# Problem description:
Your answer should consist of every line in the records that holds "rose".

(Stored dataset items)
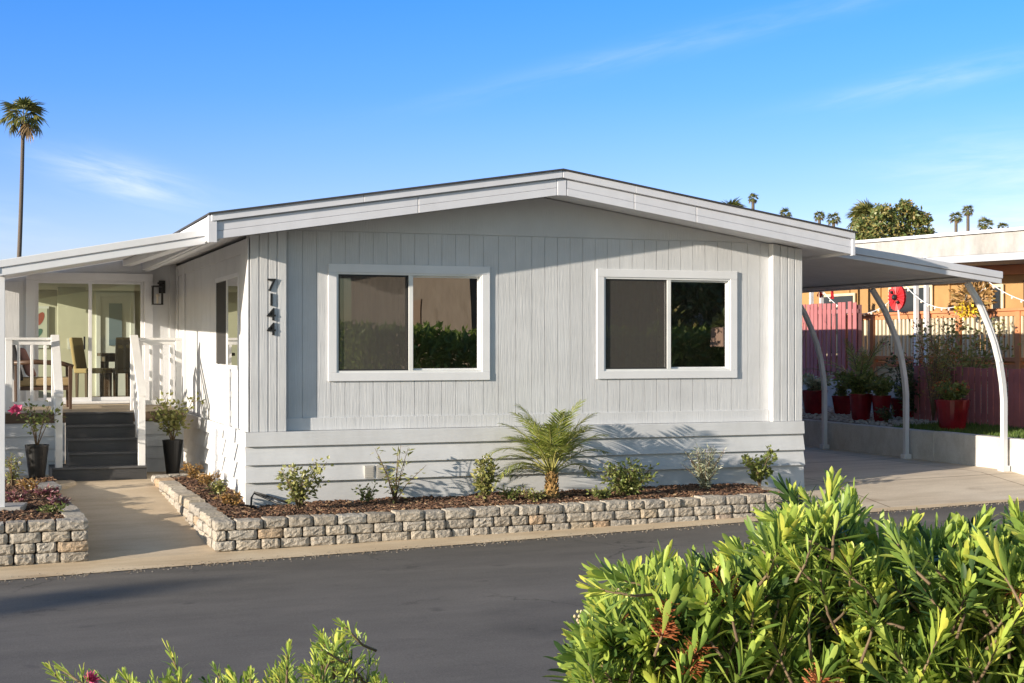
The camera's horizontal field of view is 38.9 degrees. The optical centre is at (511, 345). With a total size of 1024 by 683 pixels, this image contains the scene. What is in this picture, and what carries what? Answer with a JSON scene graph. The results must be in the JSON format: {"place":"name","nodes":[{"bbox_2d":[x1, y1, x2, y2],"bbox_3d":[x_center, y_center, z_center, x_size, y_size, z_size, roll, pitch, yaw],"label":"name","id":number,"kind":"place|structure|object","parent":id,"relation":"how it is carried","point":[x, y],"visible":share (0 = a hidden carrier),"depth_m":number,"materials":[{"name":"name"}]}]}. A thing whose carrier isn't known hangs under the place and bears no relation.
{"place":"outdoors","nodes":[
{"label":"outdoors","id":0,"kind":"place"},
{"bbox_2d":[125,373,129,396],"bbox_3d":[-6.384,0.382,24.850,0.480,1.014,0.567,0,0,-20],"label":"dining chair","id":1,"kind":"object","parent":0,"point":[127,384],"visible":0.06,"depth_m":24.90,"materials":[{"name":"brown wood"}]},
{"bbox_2d":[3,460,270,566],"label":"walkway","id":2,"kind":"structure","parent":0,"point":[135,518],"depth_m":16.55,"materials":[{"name":"concrete"}]},
{"bbox_2d":[55,480,76,488],"bbox_3d":[-5.985,1.811,18.398,0.900,0.150,0.900,0,0,-20],"label":"pot pad","id":3,"kind":"object","parent":2,"relation":"on","point":[65,484],"visible":0.2,"depth_m":18.34,"materials":[{"name":"concrete"}]},
{"bbox_2d":[22,444,48,480],"bbox_3d":[-6.030,1.501,18.404,0.390,0.480,0.390,0,0,-20],"label":"tall planter","id":4,"kind":"object","parent":3,"relation":"on","point":[36,457],"visible":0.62,"depth_m":18.30,"materials":[{"name":"black plastic"}]},
{"bbox_2d":[7,398,66,444],"bbox_3d":[-6.006,0.988,18.326,0.505,0.635,0.789,0,0,10],"label":"camellia","id":5,"kind":"object","parent":4,"relation":"on","point":[16,408],"visible":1,"depth_m":18.38,"materials":[{"name":"green plant"}]},
{"bbox_2d":[5,335,183,480],"bbox_3d":[-5.959,0.822,20.532,2.360,1.928,3.708,0,0,-20],"label":"porch","id":6,"kind":"object","parent":2,"relation":"on","point":[113,441],"visible":0.88,"depth_m":19.47,"materials":[{"name":"wood"}]},
{"bbox_2d":[12,345,73,408],"bbox_3d":[-6.791,0.410,20.819,0.924,0.995,0.744,0,0,-20],"label":"armchair","id":7,"kind":"object","parent":6,"relation":"on","point":[38,383],"visible":0.63,"depth_m":20.53,"materials":[{"name":"brown wood"}]},
{"bbox_2d":[20,348,35,376],"bbox_3d":[-6.942,0.242,20.742,0.250,0.411,0.440,0,0,-20],"label":"throw pillow","id":8,"kind":"object","parent":7,"relation":"on","point":[24,355],"visible":0.66,"depth_m":20.54,"materials":[{"name":"fabric"}]},
{"bbox_2d":[162,439,182,473],"bbox_3d":[-4.611,1.514,19.702,0.280,0.460,0.280,0,0,-20],"label":"tall planter","id":9,"kind":"object","parent":2,"relation":"on","point":[172,449],"visible":0.99,"depth_m":19.61,"materials":[{"name":"black plastic"}]},
{"bbox_2d":[149,391,204,439],"bbox_3d":[-4.556,0.983,19.731,0.740,0.724,0.503,0,0,-20],"label":"camellia tree","id":10,"kind":"object","parent":9,"relation":"in","point":[173,417],"visible":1,"depth_m":19.68,"materials":[{"name":"green plant"}]},
{"bbox_2d":[41,617,404,682],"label":"bottlebrush shrub","id":11,"kind":"object","parent":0,"point":[283,672],"visible":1,"depth_m":2.55,"materials":[{"name":"green plant"}]},
{"bbox_2d":[0,418,1014,580],"bbox_3d":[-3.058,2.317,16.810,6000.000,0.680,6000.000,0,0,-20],"label":"ground","id":12,"kind":"structure","parent":0,"point":[356,552],"depth_m":15.28,"materials":[{"name":"beige concrete"}]},
{"bbox_2d":[0,96,47,256],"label":"fan palm","id":13,"kind":"object","parent":12,"relation":"on","point":[27,126],"visible":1,"depth_m":110.00,"materials":[{"name":"green plant"}]},
{"bbox_2d":[0,491,87,566],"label":"planter wall","id":14,"kind":"structure","parent":12,"relation":"on","point":[68,533],"depth_m":14.72,"materials":[{"name":"stone"}]},
{"bbox_2d":[0,476,64,525],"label":"bark mulch","id":15,"kind":"object","parent":14,"relation":"in","point":[34,501],"visible":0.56,"depth_m":16.07,"materials":[{"name":"brown wood"}]},
{"bbox_2d":[0,502,27,512],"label":"stone slab","id":16,"kind":"structure","parent":15,"relation":"on","point":[14,506],"depth_m":15.81,"materials":[{"name":"white stone"}]},
{"bbox_2d":[5,453,24,485],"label":"bedding plant","id":17,"kind":"object","parent":15,"relation":"on","point":[12,476],"visible":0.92,"depth_m":17.56,"materials":[{"name":"green plant"}]},
{"bbox_2d":[5,486,33,502],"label":"bedding plant","id":18,"kind":"object","parent":15,"relation":"on","point":[18,497],"visible":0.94,"depth_m":16.36,"materials":[{"name":"purple plant"}]},
{"bbox_2d":[15,477,46,493],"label":"bedding plant","id":19,"kind":"object","parent":15,"relation":"on","point":[31,487],"visible":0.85,"depth_m":17.01,"materials":[{"name":"orange plant"}]},
{"bbox_2d":[27,481,61,490],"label":"stone slab","id":20,"kind":"structure","parent":15,"relation":"on","point":[51,483],"depth_m":17.38,"materials":[{"name":"grey stone"}]},
{"bbox_2d":[33,483,58,496],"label":"bedding plant","id":21,"kind":"object","parent":15,"relation":"on","point":[48,491],"visible":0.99,"depth_m":16.88,"materials":[{"name":"purple plant"}]},
{"bbox_2d":[35,501,68,513],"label":"bedding plant","id":22,"kind":"object","parent":15,"relation":"on","point":[51,508],"visible":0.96,"depth_m":15.50,"materials":[{"name":"green plant"}]},
{"bbox_2d":[47,493,75,504],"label":"bedding plant","id":23,"kind":"object","parent":15,"relation":"on","point":[57,500],"visible":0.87,"depth_m":16.18,"materials":[{"name":"purple plant"}]},
{"bbox_2d":[5,168,857,514],"bbox_3d":[-3.442,0.056,25.165,10.540,4.361,17.350,0,0,-20],"label":"mobile home","id":24,"kind":"object","parent":12,"relation":"on","point":[441,330],"visible":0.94,"depth_m":18.13,"materials":[{"name":"paint"}]},
{"bbox_2d":[38,306,48,347],"bbox_3d":[-8.151,-0.314,24.932,0.360,0.720,0.039,0,0,-20],"label":"framed picture","id":25,"kind":"object","parent":24,"relation":"attached to","point":[43,321],"visible":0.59,"depth_m":24.95,"materials":[{"name":"white paper"}]},
{"bbox_2d":[26,272,152,403],"bbox_3d":[-6.507,-0.106,22.372,1.880,2.015,0.120,0,0,-20],"label":"sliding door","id":26,"kind":"structure","parent":24,"relation":"in","point":[145,281],"depth_m":22.36,"materials":[{"name":"white paint"}]},
{"bbox_2d":[69,337,111,396],"bbox_3d":[-6.762,0.382,23.300,0.567,1.014,0.480,0,0,5],"label":"dining chair","id":27,"kind":"object","parent":24,"relation":"on","point":[78,355],"visible":0.86,"depth_m":23.15,"materials":[{"name":"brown wood"}]},
{"bbox_2d":[0,229,205,531],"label":"patio cover","id":28,"kind":"object","parent":24,"relation":"attached to","point":[134,252],"visible":0.97,"depth_m":15.91,"materials":[{"name":"white metal"}]},
{"bbox_2d":[97,353,114,396],"bbox_3d":[-6.195,0.509,24.074,1.280,0.760,0.900,0,0,-20],"label":"dining table","id":29,"kind":"object","parent":24,"relation":"on","point":[107,358],"visible":0.38,"depth_m":23.52,"materials":[{"name":"brown wood"}]},
{"bbox_2d":[96,292,134,395],"bbox_3d":[-6.940,-0.019,25.377,0.660,1.810,0.039,0,0,-20],"label":"inner door","id":30,"kind":"structure","parent":24,"relation":"in","point":[115,311],"depth_m":25.35,"materials":[{"name":"white paint"}]},
{"bbox_2d":[112,337,139,396],"bbox_3d":[-6.147,0.382,23.247,0.480,1.014,0.567,0,0,-20],"label":"dining chair","id":31,"kind":"object","parent":24,"relation":"on","point":[122,355],"visible":0.53,"depth_m":22.99,"materials":[{"name":"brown wood"}]},
{"bbox_2d":[151,280,164,304],"bbox_3d":[-5.497,-0.822,22.573,0.225,0.385,0.270,0,0,-20],"label":"wall lantern","id":32,"kind":"object","parent":24,"relation":"attached to","point":[161,285],"depth_m":22.52,"materials":[{"name":"black metal"}]},
{"bbox_2d":[215,272,238,369],"bbox_3d":[-3.560,-0.289,18.224,0.068,1.170,1.820,0,0,-20],"label":"window","id":33,"kind":"structure","parent":24,"relation":"in","point":[226,287],"depth_m":18.19,"materials":[{"name":"white paint"}]},
{"bbox_2d":[328,264,489,380],"bbox_3d":[-1.234,-0.269,17.500,2.020,1.390,0.104,0,0,-20],"label":"window","id":34,"kind":"structure","parent":24,"relation":"in","point":[482,274],"depth_m":17.47,"materials":[{"name":"white paint"}]},
{"bbox_2d":[597,269,736,378],"bbox_3d":[1.995,-0.269,18.686,2.000,1.390,0.104,0,0,-20],"label":"window","id":35,"kind":"structure","parent":24,"relation":"in","point":[729,278],"depth_m":18.66,"materials":[{"name":"white paint"}]},
{"bbox_2d":[151,473,798,556],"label":"planter wall","id":36,"kind":"structure","parent":12,"relation":"on","point":[216,530],"depth_m":16.32,"materials":[{"name":"stone"}]},
{"bbox_2d":[171,475,262,520],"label":"bark mulch","id":37,"kind":"object","parent":36,"relation":"in","point":[195,487],"visible":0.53,"depth_m":16.88,"materials":[{"name":"brown wood"}]},
{"bbox_2d":[179,461,203,478],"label":"bedding plant","id":38,"kind":"object","parent":37,"relation":"on","point":[193,472],"visible":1,"depth_m":18.50,"materials":[{"name":"orange plant"}]},
{"bbox_2d":[196,470,220,485],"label":"bedding plant","id":39,"kind":"object","parent":37,"relation":"on","point":[205,481],"visible":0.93,"depth_m":17.96,"materials":[{"name":"orange plant"}]},
{"bbox_2d":[206,479,229,494],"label":"bedding plant","id":40,"kind":"object","parent":37,"relation":"on","point":[218,487],"visible":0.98,"depth_m":17.17,"materials":[{"name":"green plant"}]},
{"bbox_2d":[213,488,243,505],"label":"bedding plant","id":41,"kind":"object","parent":37,"relation":"on","point":[227,498],"visible":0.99,"depth_m":16.36,"materials":[{"name":"orange plant"}]},
{"bbox_2d":[216,483,779,519],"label":"bark mulch","id":42,"kind":"object","parent":36,"relation":"in","point":[335,506],"visible":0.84,"depth_m":17.06,"materials":[{"name":"brown wood"}]},
{"bbox_2d":[250,491,289,505],"bbox_3d":[-2.766,1.759,16.567,0.458,0.169,0.202,0,0,3],"label":"garden hose","id":43,"kind":"object","parent":42,"relation":"on","point":[264,496],"visible":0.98,"depth_m":16.61,"materials":[{"name":"rubber"}]},
{"bbox_2d":[274,455,333,508],"bbox_3d":[-2.358,1.538,16.276,0.695,0.619,0.517,0,0,-20],"label":"rose bush","id":44,"kind":"object","parent":42,"relation":"on","point":[298,491],"visible":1,"depth_m":16.24,"materials":[{"name":"green plant"}]},
{"bbox_2d":[352,479,381,504],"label":"shrub","id":45,"kind":"object","parent":42,"relation":"on","point":[367,496],"visible":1,"depth_m":16.78,"materials":[{"name":"green plant"}]},
{"bbox_2d":[370,446,423,503],"bbox_3d":[-1.340,1.500,16.916,0.652,0.698,0.432,0,0,-20],"label":"shrub","id":46,"kind":"object","parent":42,"relation":"on","point":[395,487],"visible":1,"depth_m":16.90,"materials":[{"name":"green plant"}]},
{"bbox_2d":[470,453,500,502],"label":"white rose","id":47,"kind":"object","parent":42,"relation":"on","point":[485,480],"visible":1,"depth_m":16.93,"materials":[{"name":"green plant"}]},
{"bbox_2d":[496,485,524,501],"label":"ground cover","id":48,"kind":"object","parent":42,"relation":"on","point":[508,494],"visible":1,"depth_m":17.08,"materials":[{"name":"green plant"}]},
{"bbox_2d":[517,484,546,501],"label":"ground cover","id":49,"kind":"object","parent":42,"relation":"on","point":[529,493],"visible":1,"depth_m":17.10,"materials":[{"name":"green plant"}]},
{"bbox_2d":[489,399,610,499],"bbox_3d":[0.444,1.254,17.389,1.395,1.224,1.435,0,0,24],"label":"pygmy date palm","id":50,"kind":"object","parent":42,"relation":"on","point":[545,446],"visible":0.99,"depth_m":17.27,"materials":[{"name":"green plant"}]},
{"bbox_2d":[586,485,618,499],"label":"ground cover","id":51,"kind":"object","parent":42,"relation":"on","point":[601,494],"visible":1,"depth_m":17.30,"materials":[{"name":"green plant"}]},
{"bbox_2d":[598,457,658,496],"bbox_3d":[1.427,1.600,17.470,0.705,0.514,0.789,0,0,24],"label":"gardenia","id":52,"kind":"object","parent":42,"relation":"on","point":[628,482],"visible":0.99,"depth_m":17.45,"materials":[{"name":"green plant"}]},
{"bbox_2d":[680,444,726,489],"bbox_3d":[2.398,1.521,18.170,0.580,0.616,0.485,0,0,-20],"label":"lavender","id":53,"kind":"object","parent":42,"relation":"on","point":[704,468],"visible":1,"depth_m":18.15,"materials":[{"name":"green plant"}]},
{"bbox_2d":[740,445,778,485],"bbox_3d":[3.190,1.541,18.563,0.553,0.552,0.423,0,0,-20],"label":"young shrub","id":54,"kind":"object","parent":36,"relation":"on","point":[758,470],"visible":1,"depth_m":18.52,"materials":[{"name":"green plant"}]},
{"bbox_2d":[721,196,747,206],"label":"fan palm","id":55,"kind":"object","parent":12,"relation":"on","point":[736,203],"visible":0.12,"depth_m":119.59,"materials":[{"name":"green plant"}]},
{"bbox_2d":[747,193,758,208],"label":"fan palm","id":56,"kind":"object","parent":12,"relation":"on","point":[753,201],"visible":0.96,"depth_m":119.89,"materials":[{"name":"green plant"}]},
{"bbox_2d":[779,207,792,216],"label":"fan palm","id":57,"kind":"object","parent":12,"relation":"on","point":[785,210],"visible":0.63,"depth_m":119.93,"materials":[{"name":"green plant"}]},
{"bbox_2d":[813,211,825,223],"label":"fan palm","id":58,"kind":"object","parent":12,"relation":"on","point":[819,218],"visible":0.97,"depth_m":119.83,"materials":[{"name":"green plant"}]},
{"bbox_2d":[826,211,840,226],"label":"fan palm","id":59,"kind":"object","parent":12,"relation":"on","point":[833,221],"visible":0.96,"depth_m":119.84,"materials":[{"name":"green plant"}]},
{"bbox_2d":[844,197,886,228],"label":"fan palm","id":60,"kind":"object","parent":12,"relation":"on","point":[860,208],"visible":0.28,"depth_m":120.12,"materials":[{"name":"green plant"}]},
{"bbox_2d":[849,198,937,240],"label":"broadleaf tree","id":61,"kind":"object","parent":12,"relation":"on","point":[876,226],"visible":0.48,"depth_m":80.38,"materials":[{"name":"green plant"}]},
{"bbox_2d":[802,419,1023,474],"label":"retaining wall","id":62,"kind":"structure","parent":12,"relation":"on","point":[963,448],"depth_m":22.64,"materials":[{"name":"paint"}]},
{"bbox_2d":[949,211,962,231],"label":"fan palm","id":63,"kind":"object","parent":12,"relation":"on","point":[956,219],"visible":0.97,"depth_m":119.89,"materials":[{"name":"green plant"}]},
{"bbox_2d":[961,204,973,230],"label":"fan palm","id":64,"kind":"object","parent":12,"relation":"on","point":[967,213],"visible":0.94,"depth_m":119.90,"materials":[{"name":"green plant"}]},
{"bbox_2d":[977,216,993,229],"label":"fan palm","id":65,"kind":"object","parent":12,"relation":"on","point":[986,225],"visible":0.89,"depth_m":119.86,"materials":[{"name":"green plant"}]},
{"bbox_2d":[997,222,1008,228],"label":"fan palm","id":66,"kind":"object","parent":12,"relation":"on","point":[1002,224],"visible":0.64,"depth_m":119.92,"materials":[{"name":"green plant"}]},
{"bbox_2d":[0,501,1023,682],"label":"road","id":67,"kind":"structure","parent":0,"point":[498,612],"depth_m":11.82,"materials":[{"name":"grey asphalt"}]},
{"bbox_2d":[0,498,1023,579],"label":"gutter","id":68,"kind":"object","parent":67,"relation":"on","point":[43,570],"visible":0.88,"depth_m":15.38,"materials":[{"name":"concrete"}]},
{"bbox_2d":[0,0,1023,259],"label":"sky","id":69,"kind":"structure","parent":0,"point":[162,116],"materials":[{"name":"blue"}]},
{"bbox_2d":[543,466,1023,682],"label":"bottlebrush shrub","id":70,"kind":"object","parent":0,"point":[915,600],"visible":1,"depth_m":2.35,"materials":[{"name":"green plant"}]},
{"bbox_2d":[802,404,987,427],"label":"raised yard","id":71,"kind":"structure","parent":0,"point":[855,421],"depth_m":25.34,"materials":[{"name":"grey gravel"}]},
{"bbox_2d":[802,390,827,413],"bbox_3d":[5.704,1.068,27.326,0.500,0.440,0.500,0,0,-20],"label":"glazed pot","id":72,"kind":"object","parent":71,"relation":"on","point":[812,401],"visible":0.72,"depth_m":27.14,"materials":[{"name":"red ceramic"}]},
{"bbox_2d":[802,373,833,390],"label":"agave","id":73,"kind":"object","parent":72,"relation":"on","point":[812,382],"visible":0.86,"depth_m":27.23,"materials":[{"name":"green plant"}]},
{"bbox_2d":[802,301,861,378],"bbox_3d":[6.033,0.025,31.675,0.142,1.822,5.438,0,0,-20],"label":"picket fence","id":74,"kind":"object","parent":71,"relation":"on","point":[816,313],"visible":0.2,"depth_m":29.98,"materials":[{"name":"paint"}]},
{"bbox_2d":[832,395,850,413],"bbox_3d":[6.170,1.112,27.071,0.400,0.340,0.400,0,0,-20],"label":"glazed pot","id":75,"kind":"object","parent":71,"relation":"on","point":[841,404],"visible":0.81,"depth_m":26.93,"materials":[{"name":"red ceramic"}]},
{"bbox_2d":[827,380,849,395],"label":"potted herb","id":76,"kind":"object","parent":75,"relation":"on","point":[841,390],"visible":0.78,"depth_m":27.06,"materials":[{"name":"green plant"}]},
{"bbox_2d":[802,337,914,377],"bbox_3d":[6.073,0.284,25.817,2.045,0.923,1.539,0,0,7],"label":"sago palm","id":77,"kind":"object","parent":71,"relation":"on","point":[864,365],"visible":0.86,"depth_m":25.55,"materials":[{"name":"green plant"}]},
{"bbox_2d":[849,393,872,419],"bbox_3d":[6.124,1.079,25.456,0.420,0.460,0.420,0,0,-20],"label":"glazed pot","id":78,"kind":"object","parent":71,"relation":"on","point":[860,405],"visible":0.92,"depth_m":25.30,"materials":[{"name":"red ceramic"}]},
{"bbox_2d":[832,367,883,393],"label":"jade plant","id":79,"kind":"object","parent":78,"relation":"on","point":[856,383],"visible":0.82,"depth_m":25.38,"materials":[{"name":"green plant"}]},
{"bbox_2d":[802,378,925,410],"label":"wall","id":80,"kind":"structure","parent":71,"relation":"on","point":[831,392],"depth_m":29.38,"materials":[{"name":"paint"}]},
{"bbox_2d":[871,395,890,420],"bbox_3d":[6.403,1.089,25.132,0.340,0.440,0.340,0,0,-20],"label":"glazed pot","id":81,"kind":"object","parent":71,"relation":"on","point":[878,401],"visible":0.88,"depth_m":25.01,"materials":[{"name":"red ceramic"}]},
{"bbox_2d":[863,374,901,395],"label":"jade plant","id":82,"kind":"object","parent":81,"relation":"on","point":[881,387],"visible":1,"depth_m":25.05,"materials":[{"name":"green plant"}]},
{"bbox_2d":[874,405,896,421],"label":"shrub","id":83,"kind":"object","parent":71,"relation":"on","point":[886,415],"visible":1,"depth_m":24.47,"materials":[{"name":"green plant"}]},
{"bbox_2d":[890,397,913,416],"bbox_3d":[7.011,1.113,25.942,0.520,0.340,0.520,0,0,-20],"label":"glazed pot","id":84,"kind":"object","parent":71,"relation":"on","point":[897,406],"visible":0.31,"depth_m":25.79,"materials":[{"name":"red ceramic"}]},
{"bbox_2d":[880,341,930,396],"bbox_3d":[7.170,0.558,26.548,0.861,1.279,0.744,0,0,-20],"label":"flowering shrub","id":85,"kind":"object","parent":71,"relation":"on","point":[893,358],"visible":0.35,"depth_m":26.54,"materials":[{"name":"green plant"}]},
{"bbox_2d":[802,227,1023,398],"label":"neighbor house","id":86,"kind":"structure","parent":71,"relation":"on","point":[1002,249],"depth_m":27.71,"materials":[{"name":"orange paint"}]},
{"bbox_2d":[824,293,855,355],"bbox_3d":[7.425,-0.464,33.019,0.058,1.420,1.320,0,0,-20],"label":"window","id":87,"kind":"structure","parent":86,"relation":"in","point":[844,297],"depth_m":32.99,"materials":[{"name":"beige paint"}]},
{"bbox_2d":[823,287,903,315],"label":"string lights","id":88,"kind":"object","parent":86,"relation":"attached to","point":[830,300],"visible":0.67,"depth_m":29.35,"materials":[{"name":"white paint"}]},
{"bbox_2d":[888,287,905,322],"bbox_3d":[7.468,-0.817,28.240,0.157,0.769,0.535,0,0,-20],"label":"paper lantern","id":89,"kind":"object","parent":88,"relation":"hanging from","point":[897,297],"visible":0.93,"depth_m":28.19,"materials":[{"name":"red paper"}]},
{"bbox_2d":[888,285,932,360],"bbox_3d":[8.356,-0.454,30.484,0.058,1.600,1.520,0,0,-20],"label":"window","id":90,"kind":"structure","parent":86,"relation":"in","point":[909,304],"depth_m":30.37,"materials":[{"name":"beige paint"}]},
{"bbox_2d":[906,283,988,310],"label":"string lights","id":91,"kind":"object","parent":86,"relation":"attached to","point":[921,301],"visible":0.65,"depth_m":27.35,"materials":[{"name":"white paint"}]},
{"bbox_2d":[947,282,997,320],"bbox_3d":[8.217,-0.873,25.828,0.864,0.885,0.965,0,0,-20],"label":"hanging basket","id":92,"kind":"object","parent":86,"relation":"hanging from","point":[970,306],"visible":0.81,"depth_m":25.75,"materials":[{"name":"yellow plant"}]},
{"bbox_2d":[992,284,1003,362],"bbox_3d":[9.322,-0.414,27.856,0.058,1.520,0.320,0,0,-20],"label":"window","id":93,"kind":"structure","parent":86,"relation":"in","point":[999,296],"depth_m":27.78,"materials":[{"name":"beige paint"}]},
{"bbox_2d":[888,360,937,416],"bbox_3d":[7.043,0.796,25.419,1.019,1.105,0.858,0,0,-44],"label":"shade shrub","id":94,"kind":"object","parent":71,"relation":"on","point":[910,376],"visible":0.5,"depth_m":25.32,"materials":[{"name":"green plant"}]},
{"bbox_2d":[846,308,1023,413],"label":"picket fence","id":95,"kind":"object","parent":71,"relation":"on","point":[873,328],"depth_m":27.50,"materials":[{"name":"paint"}]},
{"bbox_2d":[921,332,964,398],"bbox_3d":[7.204,0.536,24.328,0.874,1.522,0.576,0,0,-35],"label":"tall perennial","id":96,"kind":"object","parent":71,"relation":"on","point":[944,373],"visible":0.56,"depth_m":24.26,"materials":[{"name":"green plant"}]},
{"bbox_2d":[890,421,1023,438],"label":"lawn grass","id":97,"kind":"structure","parent":71,"relation":"on","point":[990,430],"depth_m":22.53,"materials":[{"name":"green plant"}]},
{"bbox_2d":[907,316,966,420],"bbox_3d":[6.944,0.379,24.016,0.996,1.736,0.929,0,0,-20],"label":"dry flower spray","id":98,"kind":"object","parent":97,"relation":"on","point":[933,396],"visible":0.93,"depth_m":23.98,"materials":[{"name":"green plant"}]},
{"bbox_2d":[934,399,970,430],"bbox_3d":[6.931,1.095,22.823,0.550,0.480,0.550,0,0,-20],"label":"glazed pot","id":99,"kind":"object","parent":97,"relation":"on","point":[952,413],"visible":0.81,"depth_m":22.62,"materials":[{"name":"red ceramic"}]},
{"bbox_2d":[932,379,973,399],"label":"succulent","id":100,"kind":"object","parent":99,"relation":"on","point":[951,391],"visible":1,"depth_m":22.77,"materials":[{"name":"green plant"}]},
{"bbox_2d":[909,310,1020,398],"bbox_3d":[7.788,0.296,25.340,1.805,1.804,1.189,0,0,-20],"label":"vine","id":101,"kind":"object","parent":71,"relation":"on","point":[976,344],"visible":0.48,"depth_m":25.22,"materials":[{"name":"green plant"}]},
{"bbox_2d":[914,366,1023,428],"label":"picket fence","id":102,"kind":"object","parent":71,"relation":"on","point":[976,379],"visible":0.47,"depth_m":23.56,"materials":[{"name":"paint"}]},
{"bbox_2d":[799,445,1023,511],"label":"driveway","id":103,"kind":"structure","parent":0,"point":[884,481],"depth_m":19.94,"materials":[{"name":"concrete"}]},
{"bbox_2d":[802,247,1009,471],"bbox_3d":[4.001,0.224,24.631,3.085,3.164,10.185,0,0,-20],"label":"carport","id":104,"kind":"object","parent":103,"relation":"on","point":[865,268],"visible":0.61,"depth_m":21.03,"materials":[{"name":"metal"}]},
{"bbox_2d":[989,282,1023,302],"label":"string lights","id":105,"kind":"object","parent":104,"relation":"attached to","point":[1003,292],"visible":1,"depth_m":25.31,"materials":[{"name":"white paint"}]}
]}

# Answer box:
{"bbox_2d":[274,455,333,508],"bbox_3d":[-2.358,1.538,16.276,0.695,0.619,0.517,0,0,-20],"label":"rose bush","id":44,"kind":"object","parent":42,"relation":"on","point":[298,491],"visible":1,"depth_m":16.24,"materials":[{"name":"green plant"}]},
{"bbox_2d":[470,453,500,502],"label":"white rose","id":47,"kind":"object","parent":42,"relation":"on","point":[485,480],"visible":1,"depth_m":16.93,"materials":[{"name":"green plant"}]},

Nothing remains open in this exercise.